Think for a moment about how we treat applications developed by us and their code. We are using version control systems to know exactly who, when, what and why have changed a particular line of code. We are performing reviews and care for quality. We are using pull requests to facilitate development. We have a bunch of good practices and design patterns. We have a lot of test automation implemented and are executing thousands of tests to prove each change is correct. We have staging environments and final smoke tests. We can go on with such a list for quite a long time. What about treating infrastructure in the same manner? Operating system, servers and Continuous Integration configuration can be as big and complex as many applications are. Why do not benefit from the above practices in the context of infrastructure? This is a short summary about what “Infrastructure as a code” or “Programmable Infrastructure” slogans are about.
The old (for majority probably current) approach is slightly different. Many administrators and developers install and maintain machines manually. The package or software is downloaded, integrated and started. A lot of admins create a bunch of scripts executing semi automated actions so as to not repeat mundane tasks. Some tries to create documentation and manuals and keep them up to date so they could maintain control over their managed systems. The best admins are working on full automation to reduce their work to a minimum. However, several problems still persist:
- no easy way to restore infrastructure state from some point in time,
- a lot of mundane and repeatable work,
- hard to maintain standardization across many machines,
- jugglery involved to keep everything up and running,
- often working on a living production system (no possibility to test the solution on staging env),
Depending on the specific setup, the list of problems may vary.
The “Infrastructure as code” approach tries to eliminate the problems mentioned above. It changes the way of thinking about the infrastructure. It treats it in the same manner as developed applications - the same concepts and good practices should be applied:
- version control system usage to track what happens on the machine - who, when, what and why have changed,
- easy restoration of previous states thanks to versioning,
- have automatic tests, if possible, even in unit style - execute them after each change,
- have a review process in place,
- fully automate - the actual work is spent only on automation system,
- have staging environments for your infrastructure changes,
- use development good practices, like keep it simple and avoid code duplications.
When I first met the concept it sounded to me like an impossible ideal.
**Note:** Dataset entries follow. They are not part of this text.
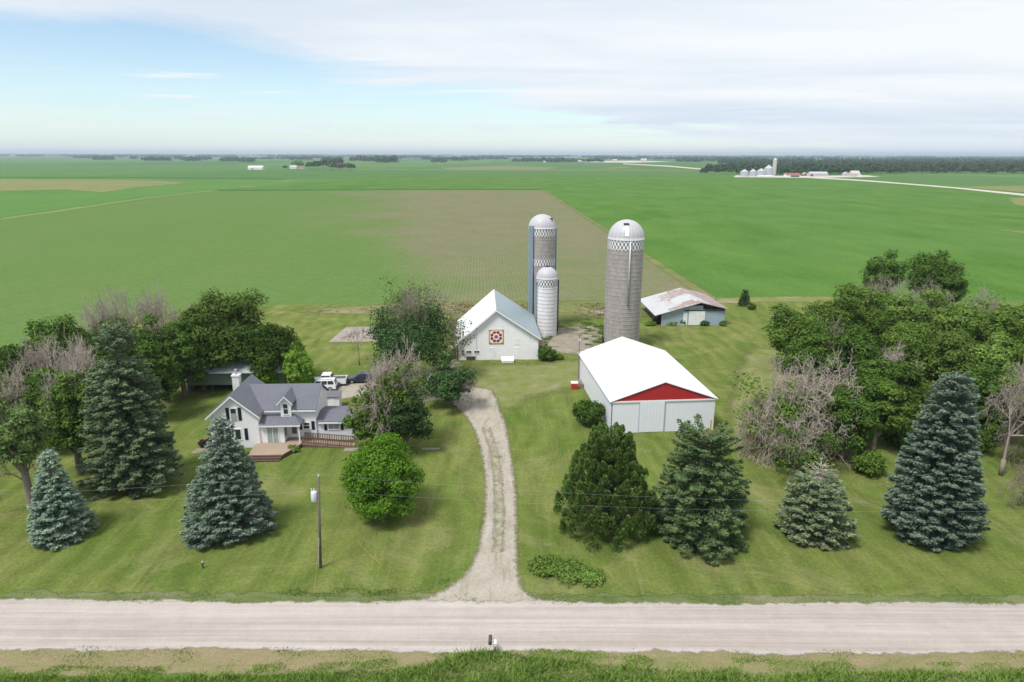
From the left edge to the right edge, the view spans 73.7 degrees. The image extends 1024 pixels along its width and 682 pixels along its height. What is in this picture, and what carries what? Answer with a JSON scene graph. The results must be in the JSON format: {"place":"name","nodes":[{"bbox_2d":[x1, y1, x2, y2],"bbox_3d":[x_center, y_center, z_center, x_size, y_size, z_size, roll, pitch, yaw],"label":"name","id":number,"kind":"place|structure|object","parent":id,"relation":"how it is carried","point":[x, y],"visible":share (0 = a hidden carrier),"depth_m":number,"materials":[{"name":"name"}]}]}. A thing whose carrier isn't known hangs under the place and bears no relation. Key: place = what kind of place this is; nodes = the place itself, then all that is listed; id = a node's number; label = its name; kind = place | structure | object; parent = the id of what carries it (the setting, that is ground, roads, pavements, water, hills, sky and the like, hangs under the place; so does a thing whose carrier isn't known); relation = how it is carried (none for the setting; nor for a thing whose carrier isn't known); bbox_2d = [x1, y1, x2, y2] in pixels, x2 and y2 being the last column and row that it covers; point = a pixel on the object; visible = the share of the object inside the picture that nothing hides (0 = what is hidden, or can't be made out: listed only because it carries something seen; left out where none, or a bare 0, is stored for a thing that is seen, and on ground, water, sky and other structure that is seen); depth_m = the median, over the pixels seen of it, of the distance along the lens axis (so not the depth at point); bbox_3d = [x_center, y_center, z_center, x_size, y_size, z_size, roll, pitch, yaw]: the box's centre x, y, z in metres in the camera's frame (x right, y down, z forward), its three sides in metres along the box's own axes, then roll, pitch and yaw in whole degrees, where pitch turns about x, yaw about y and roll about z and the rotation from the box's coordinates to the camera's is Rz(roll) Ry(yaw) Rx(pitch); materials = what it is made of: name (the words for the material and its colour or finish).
{"place":"outdoors","nodes":[
{"label":"outdoors","id":0,"kind":"place"},
{"bbox_2d":[0,179,187,191],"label":"tan field","id":1,"kind":"structure","parent":0,"point":[51,184],"depth_m":808.72,"materials":[{"name":"beige plant"}]},
{"bbox_2d":[0,178,340,216],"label":"field","id":2,"kind":"structure","parent":0,"point":[17,202],"depth_m":642.72,"materials":[{"name":"green plant"}]},
{"bbox_2d":[0,190,689,349],"bbox_3d":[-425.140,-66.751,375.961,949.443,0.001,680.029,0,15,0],"label":"bean field","id":3,"kind":"structure","parent":0,"point":[313,247],"depth_m":259.58,"materials":[{"name":"green plant"}]},
{"bbox_2d":[422,387,536,602],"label":"driveway","id":4,"kind":"structure","parent":0,"point":[489,575],"depth_m":66.51,"materials":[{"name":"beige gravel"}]},
{"bbox_2d":[482,427,505,551],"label":"grass strip","id":5,"kind":"object","parent":4,"relation":"on","point":[499,527],"visible":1,"depth_m":74.12,"materials":[{"name":"green plant"}]},
{"bbox_2d":[456,290,540,359],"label":"barn","id":6,"kind":"structure","parent":0,"point":[497,310],"depth_m":122.34,"materials":[{"name":"white wood"}]},
{"bbox_2d":[440,166,559,169],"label":"brown field","id":7,"kind":"structure","parent":0,"point":[498,168],"depth_m":1772.21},
{"bbox_2d":[0,672,1015,681],"bbox_3d":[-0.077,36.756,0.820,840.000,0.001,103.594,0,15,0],"label":"ditch","id":8,"kind":"object","parent":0,"point":[184,674],"visible":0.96,"depth_m":48.12,"materials":[{"name":"plant"}]},
{"bbox_2d":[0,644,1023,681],"bbox_3d":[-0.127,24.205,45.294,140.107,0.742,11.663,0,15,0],"label":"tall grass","id":9,"kind":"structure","parent":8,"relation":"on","point":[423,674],"depth_m":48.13,"materials":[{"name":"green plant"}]},
{"bbox_2d":[0,299,1023,597],"bbox_3d":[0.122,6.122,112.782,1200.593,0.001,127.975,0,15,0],"label":"lawn","id":10,"kind":"structure","parent":0,"point":[130,543],"depth_m":67.77,"materials":[{"name":"green plant"}]},
{"bbox_2d":[0,358,26,423],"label":"bare tree","id":11,"kind":"object","parent":10,"relation":"on","point":[6,400],"visible":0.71,"depth_m":82.93,"materials":[{"name":"grey plant"}]},
{"bbox_2d":[0,343,53,392],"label":"tree","id":12,"kind":"object","parent":10,"relation":"on","point":[5,354],"visible":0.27,"depth_m":94.30,"materials":[{"name":"green plant"}]},
{"bbox_2d":[0,402,58,511],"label":"tree","id":13,"kind":"object","parent":10,"relation":"on","point":[24,431],"visible":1,"depth_m":67.90,"materials":[{"name":"green plant"}]},
{"bbox_2d":[0,333,67,403],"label":"bare tree","id":14,"kind":"object","parent":10,"relation":"on","point":[43,363],"visible":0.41,"depth_m":90.79,"materials":[{"name":"grey plant"}]},
{"bbox_2d":[12,375,84,451],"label":"tree","id":15,"kind":"object","parent":10,"relation":"on","point":[31,396],"visible":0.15,"depth_m":81.51,"materials":[{"name":"green plant"}]},
{"bbox_2d":[19,314,97,368],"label":"tree","id":16,"kind":"object","parent":10,"relation":"on","point":[62,329],"visible":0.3,"depth_m":100.71,"materials":[{"name":"green plant"}]},
{"bbox_2d":[25,447,99,550],"bbox_3d":[-43.578,14.799,65.062,6.421,9.578,6.588,0,15,0],"label":"blue spruce","id":17,"kind":"object","parent":10,"relation":"on","point":[55,520],"visible":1,"depth_m":64.17,"materials":[{"name":"green plant"}]},
{"bbox_2d":[26,333,98,393],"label":"bare tree","id":18,"kind":"object","parent":10,"relation":"on","point":[80,354],"visible":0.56,"depth_m":87.97,"materials":[{"name":"grey plant"}]},
{"bbox_2d":[28,346,108,475],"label":"tree","id":19,"kind":"object","parent":10,"relation":"on","point":[66,404],"visible":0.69,"depth_m":75.11,"materials":[{"name":"green plant"}]},
{"bbox_2d":[50,336,117,383],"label":"tree","id":20,"kind":"object","parent":10,"relation":"on","point":[100,355],"visible":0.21,"depth_m":96.59,"materials":[{"name":"green plant"}]},
{"bbox_2d":[88,291,143,356],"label":"tree","id":21,"kind":"object","parent":10,"relation":"on","point":[111,320],"visible":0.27,"depth_m":106.19,"materials":[{"name":"green plant"}]},
{"bbox_2d":[79,282,155,355],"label":"bare tree","id":22,"kind":"object","parent":10,"relation":"on","point":[116,308],"visible":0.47,"depth_m":109.26,"materials":[{"name":"grey plant"}]},
{"bbox_2d":[75,321,184,501],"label":"spruce","id":23,"kind":"object","parent":10,"relation":"on","point":[133,439],"visible":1,"depth_m":72.43,"materials":[{"name":"green plant"}]},
{"bbox_2d":[119,269,178,361],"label":"bare tree","id":24,"kind":"object","parent":10,"relation":"on","point":[155,309],"visible":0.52,"depth_m":109.33,"materials":[{"name":"grey plant"}]},
{"bbox_2d":[117,341,185,406],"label":"tree","id":25,"kind":"object","parent":10,"relation":"on","point":[161,368],"visible":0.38,"depth_m":92.01,"materials":[{"name":"green plant"}]},
{"bbox_2d":[129,312,193,402],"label":"tree","id":26,"kind":"object","parent":10,"relation":"on","point":[167,345],"visible":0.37,"depth_m":98.17,"materials":[{"name":"green plant"}]},
{"bbox_2d":[160,319,209,397],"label":"tree","id":27,"kind":"object","parent":10,"relation":"on","point":[186,348],"visible":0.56,"depth_m":100.85,"materials":[{"name":"green plant"}]},
{"bbox_2d":[165,307,229,389],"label":"tree","id":28,"kind":"object","parent":10,"relation":"on","point":[202,351],"visible":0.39,"depth_m":102.70,"materials":[{"name":"green plant"}]},
{"bbox_2d":[165,286,268,369],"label":"tree","id":29,"kind":"object","parent":10,"relation":"on","point":[231,315],"visible":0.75,"depth_m":104.94,"materials":[{"name":"green plant"}]},
{"bbox_2d":[179,415,278,550],"bbox_3d":[-27.218,13.234,65.270,8.787,12.902,8.119,0,15,0],"label":"blue spruce","id":30,"kind":"object","parent":10,"relation":"on","point":[233,515],"visible":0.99,"depth_m":64.16,"materials":[{"name":"green plant"}]},
{"bbox_2d":[186,357,289,391],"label":"machine shed","id":31,"kind":"structure","parent":10,"relation":"on","point":[220,375],"depth_m":105.51,"materials":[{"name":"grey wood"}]},
{"bbox_2d":[232,322,298,374],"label":"tree","id":32,"kind":"object","parent":10,"relation":"on","point":[267,343],"visible":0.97,"depth_m":104.34,"materials":[{"name":"green plant"}]},
{"bbox_2d":[205,369,355,461],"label":"farmhouse","id":33,"kind":"object","parent":10,"relation":"on","point":[272,421],"visible":0.86,"depth_m":86.40,"materials":[{"name":"wood"}]},
{"bbox_2d":[278,349,317,383],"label":"tree","id":34,"kind":"object","parent":10,"relation":"on","point":[297,366],"visible":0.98,"depth_m":104.48,"materials":[{"name":"green plant"}]},
{"bbox_2d":[329,326,376,341],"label":"concrete slab","id":35,"kind":"structure","parent":10,"relation":"on","point":[342,333],"depth_m":138.85,"materials":[{"name":"grey concrete"}]},
{"bbox_2d":[272,577,449,596],"bbox_3d":[-12.771,21.044,57.799,15.112,0.188,2.141,-2,15,-6],"label":"weed patch","id":36,"kind":"object","parent":10,"relation":"on","point":[288,592],"visible":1,"depth_m":57.61,"materials":[{"name":"green plant"}]},
{"bbox_2d":[339,392,387,441],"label":"tree","id":37,"kind":"object","parent":10,"relation":"on","point":[360,431],"visible":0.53,"depth_m":83.25,"materials":[{"name":"green plant"}]},
{"bbox_2d":[337,430,426,521],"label":"maple","id":38,"kind":"object","parent":10,"relation":"on","point":[384,459],"visible":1,"depth_m":66.56,"materials":[{"name":"green plant"}]},
{"bbox_2d":[327,382,444,401],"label":"gravel parking","id":39,"kind":"structure","parent":10,"relation":"on","point":[348,389],"depth_m":106.63,"materials":[{"name":"beige gravel"}]},
{"bbox_2d":[351,334,430,435],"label":"bare tree","id":40,"kind":"object","parent":10,"relation":"on","point":[390,373],"visible":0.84,"depth_m":82.51,"materials":[{"name":"grey plant"}]},
{"bbox_2d":[381,388,433,451],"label":"tree","id":41,"kind":"object","parent":10,"relation":"on","point":[409,420],"visible":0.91,"depth_m":82.17,"materials":[{"name":"green plant"}]},
{"bbox_2d":[363,288,460,387],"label":"cottonwood","id":42,"kind":"object","parent":10,"relation":"on","point":[412,328],"visible":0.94,"depth_m":102.59,"materials":[{"name":"green plant"}]},
{"bbox_2d":[377,275,454,374],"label":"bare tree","id":43,"kind":"object","parent":10,"relation":"on","point":[400,299],"visible":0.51,"depth_m":110.64,"materials":[{"name":"green plant"}]},
{"bbox_2d":[416,359,479,407],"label":"tree","id":44,"kind":"object","parent":10,"relation":"on","point":[445,380],"visible":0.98,"depth_m":96.92,"materials":[{"name":"green plant"}]},
{"bbox_2d":[430,307,476,364],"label":"bare tree","id":45,"kind":"object","parent":10,"relation":"on","point":[455,337],"visible":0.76,"depth_m":109.28,"materials":[{"name":"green plant"}]},
{"bbox_2d":[294,300,650,320],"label":"weedy margin","id":46,"kind":"object","parent":10,"relation":"on","point":[569,314],"visible":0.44,"depth_m":162.38,"materials":[{"name":"green plant"}]},
{"bbox_2d":[303,302,647,320],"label":"weed patch","id":47,"kind":"object","parent":46,"relation":"on","point":[593,305],"visible":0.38,"depth_m":162.95,"materials":[{"name":"green plant"}]},
{"bbox_2d":[458,359,578,408],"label":"worn yard","id":48,"kind":"structure","parent":10,"relation":"on","point":[511,385],"depth_m":112.09,"materials":[{"name":"green plant"}]},
{"bbox_2d":[528,214,556,317],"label":"silo","id":49,"kind":"object","parent":10,"relation":"on","point":[542,250],"visible":0.53,"depth_m":139.22,"materials":[{"name":"concrete"}]},
{"bbox_2d":[526,554,565,577],"bbox_3d":[2.984,20.003,60.650,3.668,0.953,3.209,0,15,0],"label":"bush","id":50,"kind":"object","parent":10,"relation":"on","point":[541,565],"visible":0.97,"depth_m":60.38,"materials":[{"name":"green plant"}]},
{"bbox_2d":[548,556,588,587],"bbox_3d":[5.059,20.261,60.107,3.610,1.160,3.731,-9,18,-31],"label":"bush","id":51,"kind":"object","parent":10,"relation":"on","point":[570,570],"visible":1,"depth_m":59.60,"materials":[{"name":"green plant"}]},
{"bbox_2d":[538,326,604,354],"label":"old barnyard concrete","id":52,"kind":"object","parent":10,"relation":"on","point":[564,340],"visible":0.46,"depth_m":135.51,"materials":[{"name":"grey concrete"}]},
{"bbox_2d":[535,265,558,336],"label":"silo","id":53,"kind":"object","parent":52,"relation":"on","point":[546,302],"visible":0.96,"depth_m":136.52,"materials":[{"name":"metal"}]},
{"bbox_2d":[571,399,605,425],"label":"bush","id":54,"kind":"object","parent":10,"relation":"on","point":[587,412],"visible":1,"depth_m":91.96,"materials":[{"name":"green plant"}]},
{"bbox_2d":[577,566,606,586],"bbox_3d":[6.884,20.471,59.155,2.741,1.045,2.565,0,15,0],"label":"bush","id":55,"kind":"object","parent":10,"relation":"on","point":[591,576],"visible":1,"depth_m":58.76,"materials":[{"name":"green plant"}]},
{"bbox_2d":[553,422,659,552],"bbox_3d":[9.344,13.272,66.172,10.934,11.085,9.588,0,15,0],"label":"cedar","id":56,"kind":"object","parent":10,"relation":"on","point":[623,473],"visible":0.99,"depth_m":64.05,"materials":[{"name":"green plant"}]},
{"bbox_2d":[604,219,644,342],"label":"silo","id":57,"kind":"object","parent":10,"relation":"on","point":[625,251],"visible":0.98,"depth_m":124.68,"materials":[{"name":"concrete"}]},
{"bbox_2d":[578,337,717,432],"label":"pole shed","id":58,"kind":"structure","parent":10,"relation":"on","point":[632,386],"depth_m":91.64,"materials":[{"name":"metal"}]},
{"bbox_2d":[638,402,664,431],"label":"sliding door","id":59,"kind":"structure","parent":58,"relation":"in","point":[651,415],"depth_m":90.28,"materials":[{"name":"metal"}]},
{"bbox_2d":[641,288,728,324],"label":"cattle shed","id":60,"kind":"structure","parent":10,"relation":"on","point":[688,307],"depth_m":147.96,"materials":[{"name":"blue metal"}]},
{"bbox_2d":[643,414,752,564],"bbox_3d":[18.080,13.779,64.991,10.324,12.994,11.743,0,15,0],"label":"spruce","id":61,"kind":"object","parent":10,"relation":"on","point":[704,481],"visible":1,"depth_m":63.25,"materials":[{"name":"green plant"}]},
{"bbox_2d":[725,348,788,446],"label":"worn yard","id":62,"kind":"structure","parent":10,"relation":"on","point":[758,362],"depth_m":113.28,"materials":[{"name":"green plant"}]},
{"bbox_2d":[761,301,818,362],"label":"tree","id":63,"kind":"object","parent":62,"relation":"on","point":[782,332],"visible":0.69,"depth_m":115.09,"materials":[{"name":"green plant"}]},
{"bbox_2d":[734,391,784,459],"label":"bare tree","id":64,"kind":"object","parent":10,"relation":"on","point":[749,437],"visible":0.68,"depth_m":82.32,"materials":[{"name":"grey plant"}]},
{"bbox_2d":[728,354,837,468],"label":"bare tree","id":65,"kind":"object","parent":10,"relation":"on","point":[792,404],"visible":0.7,"depth_m":80.99,"materials":[{"name":"grey plant"}]},
{"bbox_2d":[765,407,848,481],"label":"bare tree","id":66,"kind":"object","parent":10,"relation":"on","point":[800,448],"visible":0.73,"depth_m":76.68,"materials":[{"name":"grey plant"}]},
{"bbox_2d":[777,314,843,392],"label":"tree","id":67,"kind":"object","parent":10,"relation":"on","point":[813,344],"visible":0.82,"depth_m":100.65,"materials":[{"name":"green plant"}]},
{"bbox_2d":[772,457,860,550],"bbox_3d":[29.399,15.265,65.858,7.491,8.412,7.473,0,15,0],"label":"spruce","id":68,"kind":"object","parent":10,"relation":"on","point":[804,520],"visible":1,"depth_m":64.43,"materials":[{"name":"green plant"}]},
{"bbox_2d":[779,348,870,469],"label":"bare tree","id":69,"kind":"object","parent":10,"relation":"on","point":[831,388],"visible":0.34,"depth_m":82.40,"materials":[{"name":"grey plant"}]},
{"bbox_2d":[799,292,866,334],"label":"tree","id":70,"kind":"object","parent":10,"relation":"on","point":[837,312],"visible":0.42,"depth_m":115.68,"materials":[{"name":"green plant"}]},
{"bbox_2d":[805,385,882,462],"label":"tree","id":71,"kind":"object","parent":10,"relation":"on","point":[866,423],"visible":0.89,"depth_m":79.00,"materials":[{"name":"green plant"}]},
{"bbox_2d":[821,322,889,382],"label":"tree","id":72,"kind":"object","parent":10,"relation":"on","point":[860,342],"visible":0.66,"depth_m":98.10,"materials":[{"name":"green plant"}]},
{"bbox_2d":[823,281,892,337],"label":"tree","id":73,"kind":"object","parent":10,"relation":"on","point":[873,318],"visible":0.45,"depth_m":119.53,"materials":[{"name":"green plant"}]},
{"bbox_2d":[836,373,899,433],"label":"tree","id":74,"kind":"object","parent":10,"relation":"on","point":[861,380],"visible":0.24,"depth_m":82.98,"materials":[{"name":"green plant"}]},
{"bbox_2d":[851,447,889,478],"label":"bush","id":75,"kind":"object","parent":10,"relation":"on","point":[869,460],"visible":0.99,"depth_m":78.02,"materials":[{"name":"green plant"}]},
{"bbox_2d":[856,356,906,378],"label":"tree","id":76,"kind":"object","parent":10,"relation":"on","point":[876,368],"visible":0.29,"depth_m":91.07,"materials":[{"name":"green plant"}]},
{"bbox_2d":[858,377,914,450],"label":"tree","id":77,"kind":"object","parent":10,"relation":"on","point":[891,391],"visible":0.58,"depth_m":81.83,"materials":[{"name":"green plant"}]},
{"bbox_2d":[858,249,914,300],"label":"tree","id":78,"kind":"object","parent":10,"relation":"on","point":[894,269],"visible":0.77,"depth_m":153.28,"materials":[{"name":"green plant"}]},
{"bbox_2d":[867,290,923,351],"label":"tree","id":79,"kind":"object","parent":10,"relation":"on","point":[894,303],"visible":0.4,"depth_m":123.17,"materials":[{"name":"green plant"}]},
{"bbox_2d":[879,361,929,425],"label":"tree","id":80,"kind":"object","parent":10,"relation":"on","point":[908,377],"visible":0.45,"depth_m":87.06,"materials":[{"name":"green plant"}]},
{"bbox_2d":[878,321,943,392],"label":"tree","id":81,"kind":"object","parent":10,"relation":"on","point":[914,337],"visible":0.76,"depth_m":100.72,"materials":[{"name":"green plant"}]},
{"bbox_2d":[898,288,958,341],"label":"tree","id":82,"kind":"object","parent":10,"relation":"on","point":[922,314],"visible":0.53,"depth_m":119.66,"materials":[{"name":"green plant"}]},
{"bbox_2d":[880,370,991,551],"bbox_3d":[40.646,10.978,65.273,9.763,17.113,10.304,0,15,0],"label":"blue spruce","id":83,"kind":"object","parent":10,"relation":"on","point":[938,476],"visible":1,"depth_m":63.34,"materials":[{"name":"green plant"}]},
{"bbox_2d":[904,250,969,304],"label":"tree","id":84,"kind":"object","parent":10,"relation":"on","point":[932,268],"visible":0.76,"depth_m":150.44,"materials":[{"name":"green plant"}]},
{"bbox_2d":[933,271,969,304],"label":"tree","id":85,"kind":"object","parent":10,"relation":"on","point":[956,279],"visible":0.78,"depth_m":146.97,"materials":[{"name":"green plant"}]},
{"bbox_2d":[923,328,984,402],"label":"tree","id":86,"kind":"object","parent":10,"relation":"on","point":[956,345],"visible":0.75,"depth_m":98.11,"materials":[{"name":"green plant"}]},
{"bbox_2d":[929,301,986,340],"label":"tree","id":87,"kind":"object","parent":10,"relation":"on","point":[959,312],"visible":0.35,"depth_m":115.16,"materials":[{"name":"green plant"}]},
{"bbox_2d":[949,364,1005,437],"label":"tree","id":88,"kind":"object","parent":10,"relation":"on","point":[984,382],"visible":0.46,"depth_m":85.54,"materials":[{"name":"green plant"}]},
{"bbox_2d":[948,283,1017,316],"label":"bare tree","id":89,"kind":"object","parent":10,"relation":"on","point":[986,307],"visible":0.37,"depth_m":137.84,"materials":[{"name":"grey plant"}]},
{"bbox_2d":[948,307,1023,348],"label":"tree","id":90,"kind":"object","parent":10,"relation":"on","point":[1000,321],"visible":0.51,"depth_m":112.87,"materials":[{"name":"green plant"}]},
{"bbox_2d":[966,332,1022,384],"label":"tree","id":91,"kind":"object","parent":10,"relation":"on","point":[998,353],"visible":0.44,"depth_m":95.84,"materials":[{"name":"green plant"}]},
{"bbox_2d":[981,356,1023,475],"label":"bare tree","id":92,"kind":"object","parent":10,"relation":"on","point":[1008,436],"visible":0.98,"depth_m":78.21,"materials":[{"name":"grey plant"}]},
{"bbox_2d":[990,361,1023,442],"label":"tree","id":93,"kind":"object","parent":10,"relation":"on","point":[1014,379],"visible":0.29,"depth_m":85.07,"materials":[{"name":"green plant"}]},
{"bbox_2d":[0,598,1023,655],"bbox_3d":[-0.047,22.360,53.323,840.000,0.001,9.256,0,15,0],"label":"road","id":94,"kind":"structure","parent":0,"point":[906,627],"depth_m":53.42,"materials":[{"name":"beige gravel"}]},
{"bbox_2d":[0,645,1023,681],"bbox_3d":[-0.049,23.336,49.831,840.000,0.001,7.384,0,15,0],"label":"road verge","id":95,"kind":"structure","parent":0,"point":[211,657],"depth_m":49.83,"materials":[{"name":"plant"}]},
{"bbox_2d":[0,154,1023,361],"bbox_3d":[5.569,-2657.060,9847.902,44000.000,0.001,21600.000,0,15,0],"label":"ground","id":96,"kind":"structure","parent":0,"point":[54,166],"depth_m":1480.13,"materials":[{"name":"green plant"}]},
{"bbox_2d":[0,154,1023,162],"bbox_3d":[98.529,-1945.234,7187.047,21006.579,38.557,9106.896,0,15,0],"label":"horizon woods","id":97,"kind":"object","parent":96,"relation":"on","point":[439,158],"visible":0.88,"depth_m":4751.80,"materials":[{"name":"green plant"}]},
{"bbox_2d":[5,153,1023,156],"bbox_3d":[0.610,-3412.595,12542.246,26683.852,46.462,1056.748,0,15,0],"label":"horizon woods","id":98,"kind":"object","parent":96,"relation":"on","point":[575,155],"visible":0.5,"depth_m":12368.56,"materials":[{"name":"green plant"}]},
{"bbox_2d":[699,157,1023,172],"bbox_3d":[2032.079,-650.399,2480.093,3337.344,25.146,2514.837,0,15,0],"label":"wood","id":99,"kind":"object","parent":96,"relation":"on","point":[864,165],"visible":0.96,"depth_m":1458.44,"materials":[{"name":"green plant"}]},
{"bbox_2d":[0,589,1023,606],"bbox_3d":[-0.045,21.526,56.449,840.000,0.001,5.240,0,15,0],"label":"road verge","id":100,"kind":"structure","parent":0,"point":[253,597],"depth_m":56.90,"materials":[{"name":"green plant"}]},
{"bbox_2d":[0,0,1023,156],"label":"sky","id":101,"kind":"structure","parent":0,"point":[336,77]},
{"bbox_2d":[224,175,1023,298],"bbox_3d":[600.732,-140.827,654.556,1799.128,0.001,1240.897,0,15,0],"label":"corn field","id":102,"kind":"structure","parent":0,"point":[724,236],"depth_m":371.61,"materials":[{"name":"green plant"}]},
{"bbox_2d":[542,190,715,298],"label":"field edge","id":103,"kind":"object","parent":102,"relation":"on","point":[689,284],"visible":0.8,"depth_m":223.40,"materials":[{"name":"green plant"}]},
{"bbox_2d":[716,296,868,302],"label":"grass track","id":104,"kind":"structure","parent":0,"point":[775,299],"depth_m":174.31,"materials":[{"name":"green plant"}]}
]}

Is it?
In fact, there are a bunch of tools that have been created in the last few years that slowly allow us to implement it. Let’s get through a few of them:
- Chef and Puppet - provides full automation for your infrastructure. Define declaratively how you would like it to be and let the tools roll out changes. They will also ensure that the configuration will be preserved in the defined state. Keeping configuration in text format allows you to use GIT and pull requests to monitor and review changes.
- Docker - instead of maintaining running machines in proper state, prepare earlier images, deploy them instantly and flush them when they are not needed. The image configuration can be stored in text files too and can be versioned control. Previously built images are also versioned by Docker itself, and the differences can easily be checked. If you are not yet familiar with Docker, you should definitely check it out. It is one of the hottest technologies in the modern development world,
- Jenkins Job Builder - a tool not yet well known, but very useful for maintaining large Jenkins instances. As the openstack states: “In order to make the process of managing thousands of Jenkins jobs easier, Jenkins Job Builder was designed to take YAML based configurations and convert those into jobs that are injected into Jenkins.” Again, whole configurations can be versioned under GIT and many development good practices can be used (especially - no duplicates of the same configuration within hundreds of jobs),
- Build systems like Gradle, Maven or sbt - develop or use existing plugins which will setup all required infrastructure from scratch. Software will be automatically downloaded by dependencies mechanism, installed, configured and started.
“Infrastructure as a code” changes the administrator mindset. It makes them developers and requires from them programmatic skills. It perfectly matches the DevOps concept. Looking at it from the other side - taking care of infrastructure becomes interesting for developers and starts to no longer be considered as a necessary evil.
In the current tools and technology state implementing this approach takes quite a lot of time. Using it for small scale solutions and systems might (let me emphasise: might) not pay off. However, if you are managing several dozen configurations and machines you will notice the benefits quite fast. While implementing new changes might still take more time than in the old approach, full tracking, automation and gained stability will leverage the additional effort.
There will be less and less classical admins in the future. We have see this trend since many years ago. I also expect that “Infrastructure as a code” tools will go into direction when setup and usage will be so simple and user friendly that almost no one will consider configuring infrastructure without them.